A more detailed understanding may be had from the following description, given by way of example in conjunction with the accompanying drawings, wherein like reference numerals in the figures indicate like elements, and wherein:
Although further detail is provided herein, briefly a push notification provides access directly into the area in an application where a failure occurs to allow for human interaction. The push notification may be implemented using web hooks and mobile tokens. Push notifications on mobile can enable user interaction. In this manner, when the robotic process automation (RPA) encounters an exception, instead of failing it asks for human interaction via a push notification.
The push notification comes from a service to the user device. An on-premise server may not want to send notifications directly. In this case, a push notification relay server, which may be in the cloud, sends the push notification for secure notification management. Notifications may be batched and sent as a batch to (e.g., an apple/google notification service server). If the same error occurs multiple times (e.g., a total server failure) then the errors may be combined via caching layer to enable batching. A local orchestrator may utilize the web hooks for providing the push notifications.
For the methods and processes described below the steps recited may be performed out of sequence in any order and sub-steps not explicitly described or shown may be performed. In addition, “coupled” or “operatively coupled” may mean that objects are linked but may have zero or more intermediate objects between the linked objects. Also, any combination of the disclosed features/elements may be used in one or more embodiments. When using referring to “A or B”, it may include A, B, or A and B, which may be extended similarly to longer lists. When using the notation X/Y it may include X or Y. Alternatively, when using the notation X/Y it may include X and Y. X/Y notation may be extended similarly to longer lists with the same explained logic.
A workflow may include, but are not limited to, task sequences, flowcharts, Finite State Machines (FSMs), global exception handlers, or the like. Task sequences may be linear processes for handling linear tasks between one or more applications or windows. Flowcharts may be configured to handle complex business logic, enabling integration of decisions and connection of activities in a more diverse manner through multiple branching logic operators. FSMs may be configured for large workflows. FSMs may use a finite number of states in their execution, which may be triggered by a condition, transition, activity, or the like. Global exception handlers may be configured to determine workflow behavior when encountering an execution error, for debugging processes, or the like.
A robot may be an application, applet, script, or the like, that may automate a UI transparent to an underlying operating system (OS) or hardware. At deployment, one or more robots may be managed, controlled, or the like by a conductor 104, sometimes referred to as an orchestrator. Conductor 104 may instruct or command robot(s) or automation executor 106 to execute or monitor a workflow in a mainframe, web, virtual machine, remote machine, virtual desktop, enterprise platform, desktop app(s), browser, or the like client, application, or program. Conductor 104 may act as a central or semi-central point to instruct or command a plurality of robots to automate a computing platform.

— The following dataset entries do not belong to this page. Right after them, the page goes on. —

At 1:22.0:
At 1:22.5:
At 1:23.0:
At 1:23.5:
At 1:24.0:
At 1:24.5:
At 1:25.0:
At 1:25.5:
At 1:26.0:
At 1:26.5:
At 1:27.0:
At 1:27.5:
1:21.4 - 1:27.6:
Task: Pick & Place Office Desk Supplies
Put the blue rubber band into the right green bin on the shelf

In certain configurations, conductor 104 may be configured for provisioning, deployment, configuration, queueing, monitoring, logging, and/or providing interconnectivity. Provisioning may include creating and maintenance of connections or communication between robot(s) or automation executor 106 and conductor 104. Deployment may include assuring the delivery of package versions to assigned robots for execution. Configuration may include maintenance and delivery of robot environments and process configurations. Queueing may include providing management of queues and queue items. Monitoring may include keeping track of robot identification data and maintaining user permissions. Logging may include storing and indexing logs to a database (e.g., an SQL database) and/or another storage mechanism (e.g., ElasticSearch®, which provides the ability to store and quickly query large datasets). Conductor 104 may provide interconnectivity by acting as the centralized point of communication for third-party solutions and/or applications.
Robot(s) or automation executor 106 may be configured as unattended 108 or attended 110. For unattended 108 operations, automation may be performed without third party inputs or control. For attended 110 operation, automation may be performed by receiving input, commands, instructions, guidance, or the like from a third party component.

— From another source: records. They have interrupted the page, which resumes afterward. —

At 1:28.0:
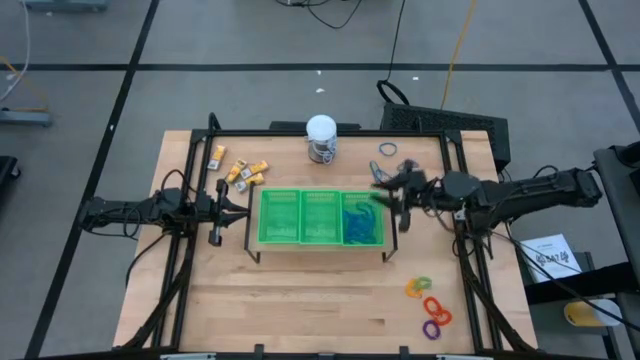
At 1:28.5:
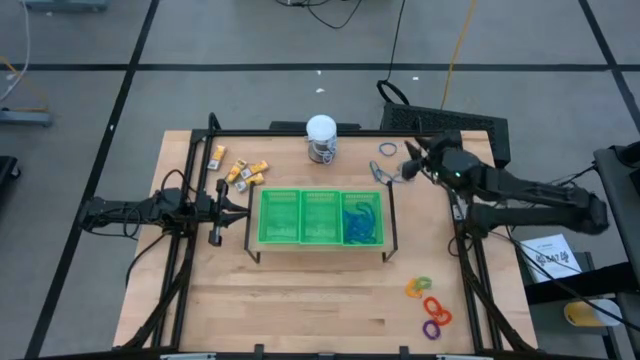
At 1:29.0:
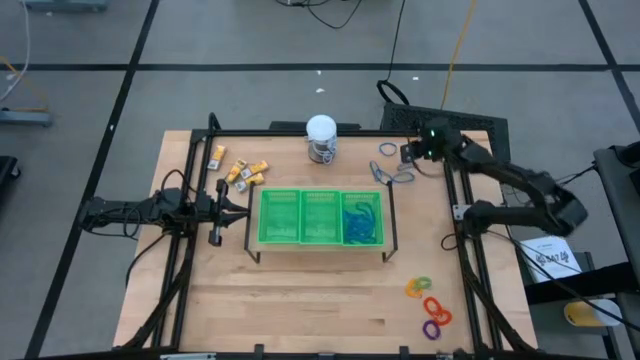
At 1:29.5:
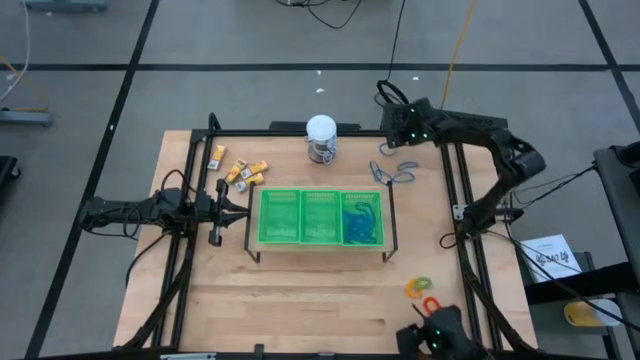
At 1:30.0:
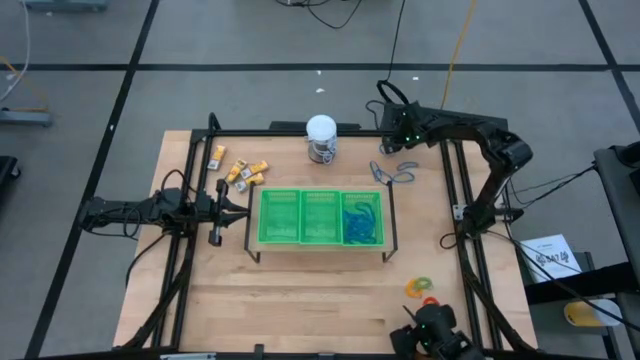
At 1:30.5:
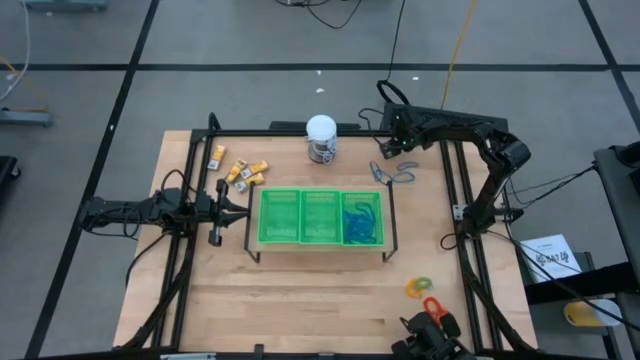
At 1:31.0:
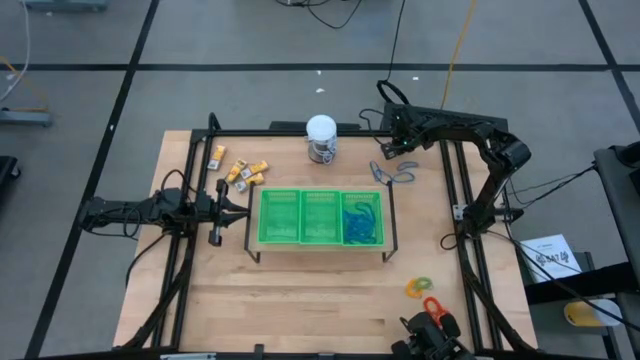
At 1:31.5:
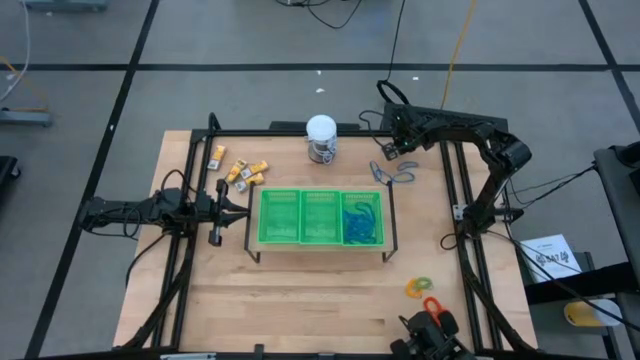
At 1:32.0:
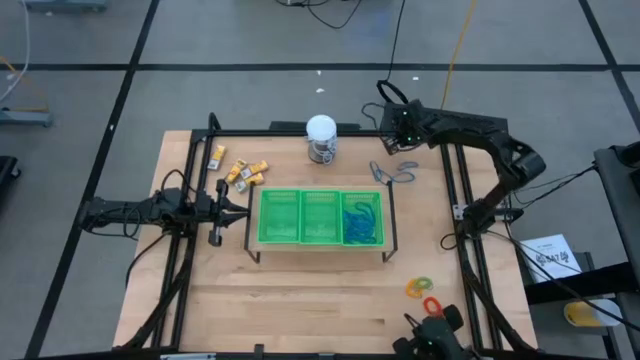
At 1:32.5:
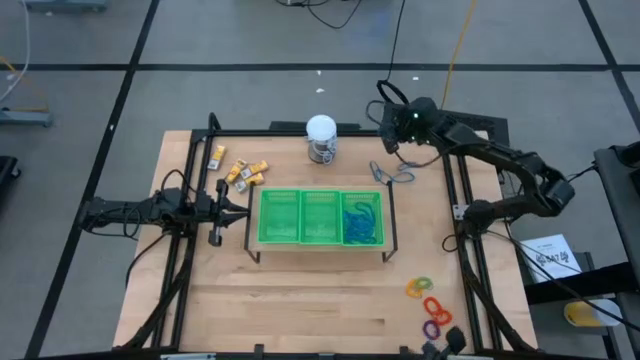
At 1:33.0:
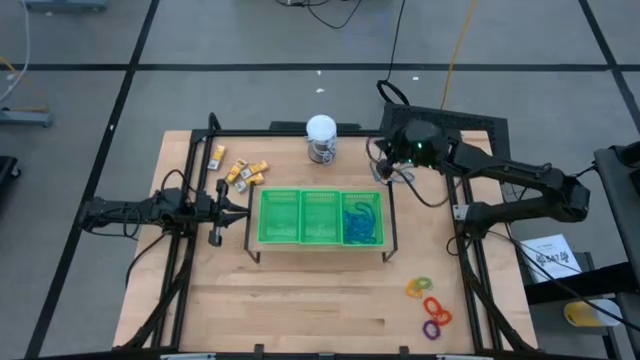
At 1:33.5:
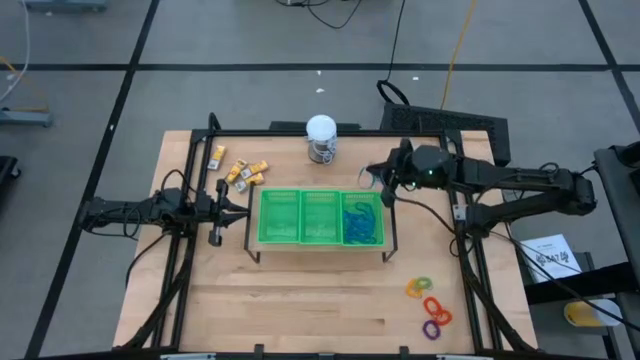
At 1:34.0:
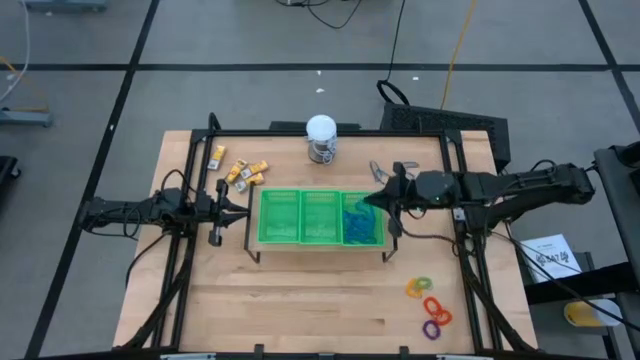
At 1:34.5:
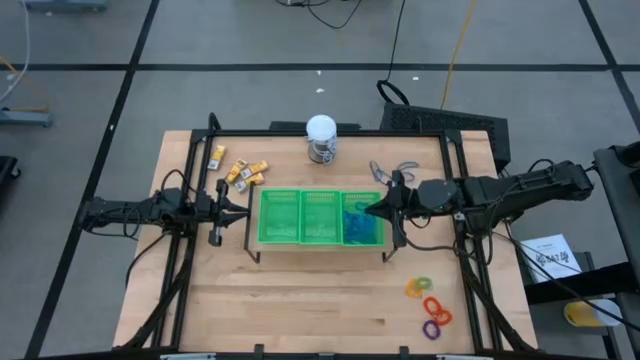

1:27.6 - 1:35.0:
Put the blue rubber band into the right green bin on the shelf

A robot(s) or automation executor 106 may be execution agents that run workflows built in designer 102. A commercial example of a robot(s) for UI or software automation is UiPath Robots™. In some embodiments, robot(s) or automation executor 106 may install the Microsoft Windows® Service Control Manager (SCM)-managed service by default. As a result, such robots can open interactive Windows® sessions under the local system account, and have the rights of a Windows® service.
In some embodiments, robot(s) or automation executor 106 may be installed in a user mode. These robots may have the same rights as the user under which a given robot is installed. This feature may also be available for High Density (HD) robots, which ensure full utilization of each machine at maximum performance such as in an HD environment.
In certain configurations, robot(s) or automation executor 106 may be split, distributed, or the like into several components, each being dedicated to a particular automation task or activity. Robot components may include SCM-managed robot services, user mode robot services, executors, agents, command line, or the like. SCM-managed robot services may manage or monitor Windows® sessions and act as a proxy between conductor 104 and the execution hosts (i.e., the computing systems on which robot(s) or automation executor 106 is executed). These services may be trusted with and manage the credentials for robot(s) or automation executor 106.
User mode robot services may manage and monitor Windows® sessions and act as a proxy between conductor 104 and the execution hosts. User mode robot services may be trusted with and manage the credentials for robots. A Windows® application may automatically be launched if the SCM-managed robot service is not installed.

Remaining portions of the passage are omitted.